About the project

Shorthand was an important part of Dickens's toolkit as a writer, but although he used it extensively for parliamentary reporting, letter writing, and note taking, little is known about how he did so. The unique system that he developed, based upon Gurney's Brachygraphy, is complex and puzzling; Dickens himself called it a 'savage stenographic mystery'.

There are at least 10 known manuscripts of Dickens's shorthand, dating from the 1830s to the late 1860s. These manuscripts are located in 6 archives across the world, as well as 2 private collections. Several manuscripts remain undeciphered, including a letter from the 1850s and a set of shorthand booklets collected by Dickens's shorthand pupil, Arthur Stone. These booklets, totalling c.70 pages, include 6 undeciphered shorthand dictation exercises of 1-2 pages each. Dickens's shorthand has proved extremely difficult to decode and, in most cases, experts have been unable to locate the source texts used for the exercises. They could be published or unpublished passages written by Dickens, or by another author. The mystery of these undeciphered texts is as compelling for the public as it is for academics and the sesquicentenary of Dickens's death in 2020 provides an ideal opportunity to harness wider interest in solving the 'Dickens Code'.

The material is novel in its own right and the task of deciphering it provides a test case with implications far beyond Dickens Studies. An approach that combines machine learning's power to identify patterns across datasets with contextual interpretation by volunteers is likeliest to succeed. However, the limited corpus and idiosyncratic nature of Dickens's shorthand creates barriers to machine learning methods, while the complexity of the material places additional demands upon the human interpreter.

Tackling these challenges offers a template for approaching similarly complex decoding problems, where human expertise and technology have to work hand-in-hand. However, to understand these challenges and identify potential solutions, the 'Dickens Code' problem needs to be viewed in the round. Accordingly, this project will convene a network that draws expertise from different disciplinary areas (Dickens Studies, Digital Humanities, Forensic Linguistics, and Informatics) and stakeholder groups (museums and archives).

In Dickens Studies, enhanced understanding of the author's shorthand will lead to internationally significant insights about Dickens's creative process.

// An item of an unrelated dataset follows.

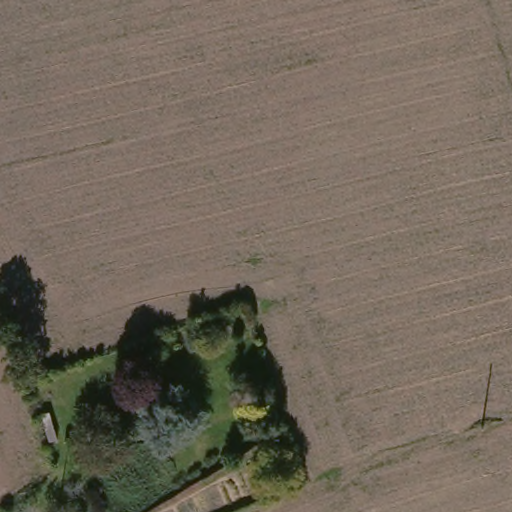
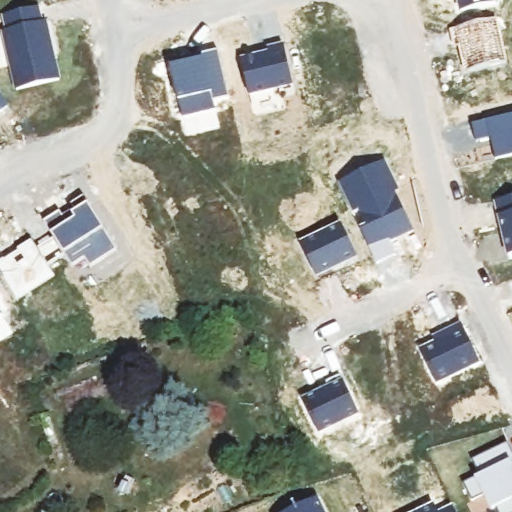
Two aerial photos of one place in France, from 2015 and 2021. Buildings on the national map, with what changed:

For Informatics, the 'Dickens Code' may generate modified or novel approaches to handwritten coded material with broader applicability. In Digital Humanities, the 'Dickens Code' provides a template for engaging users with 'difficult' content. Beyond the Academy, increased public awareness of Dickens's shorthand will bring to light a little-known aspect of the life of one of the world's most famous authors. Throughout his career, Dickens sought to cultivate a close relationship with his readers; 150 years on, the 'Dickens Code' seeks to revitalise this connection, by enabling academics and non-academics to work together to uncover Dickens's last unknown texts.